──────── Records supplied ────────

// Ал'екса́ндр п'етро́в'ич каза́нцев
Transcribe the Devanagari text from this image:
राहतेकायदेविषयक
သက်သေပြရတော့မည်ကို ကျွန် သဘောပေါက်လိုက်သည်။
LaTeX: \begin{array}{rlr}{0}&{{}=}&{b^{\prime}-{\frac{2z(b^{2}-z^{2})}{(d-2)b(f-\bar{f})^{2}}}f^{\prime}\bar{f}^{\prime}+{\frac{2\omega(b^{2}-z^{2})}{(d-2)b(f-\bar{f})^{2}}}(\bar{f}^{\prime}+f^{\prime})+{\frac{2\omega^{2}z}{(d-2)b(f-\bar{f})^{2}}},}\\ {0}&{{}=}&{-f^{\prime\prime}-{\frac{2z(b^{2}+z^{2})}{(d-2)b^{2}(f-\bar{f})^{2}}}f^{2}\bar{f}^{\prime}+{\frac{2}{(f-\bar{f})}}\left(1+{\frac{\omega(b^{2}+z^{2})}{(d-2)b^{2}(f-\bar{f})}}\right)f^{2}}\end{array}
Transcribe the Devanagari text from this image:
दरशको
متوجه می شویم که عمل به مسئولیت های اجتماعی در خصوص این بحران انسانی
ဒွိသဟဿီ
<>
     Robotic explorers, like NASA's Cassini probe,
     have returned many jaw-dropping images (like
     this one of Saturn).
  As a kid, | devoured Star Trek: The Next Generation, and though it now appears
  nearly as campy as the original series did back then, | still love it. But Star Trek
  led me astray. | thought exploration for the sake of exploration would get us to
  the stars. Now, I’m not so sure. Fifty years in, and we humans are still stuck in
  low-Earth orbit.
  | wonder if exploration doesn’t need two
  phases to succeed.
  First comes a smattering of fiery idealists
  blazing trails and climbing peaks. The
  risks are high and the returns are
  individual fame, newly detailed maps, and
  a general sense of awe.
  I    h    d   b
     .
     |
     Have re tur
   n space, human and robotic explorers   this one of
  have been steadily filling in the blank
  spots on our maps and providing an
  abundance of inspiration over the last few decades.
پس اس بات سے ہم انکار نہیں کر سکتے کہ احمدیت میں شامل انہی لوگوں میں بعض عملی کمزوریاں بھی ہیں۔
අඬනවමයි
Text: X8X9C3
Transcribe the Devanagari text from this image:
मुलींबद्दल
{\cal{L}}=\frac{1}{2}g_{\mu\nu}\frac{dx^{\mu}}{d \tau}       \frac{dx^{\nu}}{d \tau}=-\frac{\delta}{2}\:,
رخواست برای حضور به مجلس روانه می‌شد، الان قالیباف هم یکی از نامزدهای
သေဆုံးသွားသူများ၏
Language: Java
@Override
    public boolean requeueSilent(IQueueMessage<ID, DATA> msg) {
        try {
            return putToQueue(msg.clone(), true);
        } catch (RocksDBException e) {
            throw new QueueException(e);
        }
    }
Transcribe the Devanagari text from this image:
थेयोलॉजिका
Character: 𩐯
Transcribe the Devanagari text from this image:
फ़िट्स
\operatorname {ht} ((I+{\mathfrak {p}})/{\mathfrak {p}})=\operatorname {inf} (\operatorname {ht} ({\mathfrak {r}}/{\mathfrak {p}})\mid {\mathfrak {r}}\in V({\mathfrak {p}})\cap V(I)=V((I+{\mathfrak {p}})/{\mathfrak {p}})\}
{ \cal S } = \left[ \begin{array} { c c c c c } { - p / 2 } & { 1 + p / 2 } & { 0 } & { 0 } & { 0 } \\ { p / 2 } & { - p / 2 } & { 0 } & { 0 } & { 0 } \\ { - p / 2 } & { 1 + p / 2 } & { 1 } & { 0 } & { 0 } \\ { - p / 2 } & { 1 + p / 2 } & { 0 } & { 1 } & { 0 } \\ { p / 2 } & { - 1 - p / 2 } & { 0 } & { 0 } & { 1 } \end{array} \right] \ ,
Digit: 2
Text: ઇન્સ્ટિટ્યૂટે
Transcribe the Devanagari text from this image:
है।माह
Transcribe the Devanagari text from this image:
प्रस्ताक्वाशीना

────────

The word to find is "left". Copy every line of the records that holds it.

LaTeX: \begin{array}{rlr}{0}&{{}=}&{b^{\prime}-{\frac{2z(b^{2}-z^{2})}{(d-2)b(f-\bar{f})^{2}}}f^{\prime}\bar{f}^{\prime}+{\frac{2\omega(b^{2}-z^{2})}{(d-2)b(f-\bar{f})^{2}}}(\bar{f}^{\prime}+f^{\prime})+{\frac{2\omega^{2}z}{(d-2)b(f-\bar{f})^{2}}},}\\ {0}&{{}=}&{-f^{\prime\prime}-{\frac{2z(b^{2}+z^{2})}{(d-2)b^{2}(f-\bar{f})^{2}}}f^{2}\bar{f}^{\prime}+{\frac{2}{(f-\bar{f})}}\left(1+{\frac{\omega(b^{2}+z^{2})}{(d-2)b^{2}(f-\bar{f})}}\right)f^{2}}\end{array}
{ \cal S } = \left[ \begin{array} { c c c c c } { - p / 2 } & { 1 + p / 2 } & { 0 } & { 0 } & { 0 } \\ { p / 2 } & { - p / 2 } & { 0 } & { 0 } & { 0 } \\ { - p / 2 } & { 1 + p / 2 } & { 1 } & { 0 } & { 0 } \\ { - p / 2 } & { 1 + p / 2 } & { 0 } & { 1 } & { 0 } \\ { p / 2 } & { - 1 - p / 2 } & { 0 } & { 0 } & { 1 } \end{array} \right] \ ,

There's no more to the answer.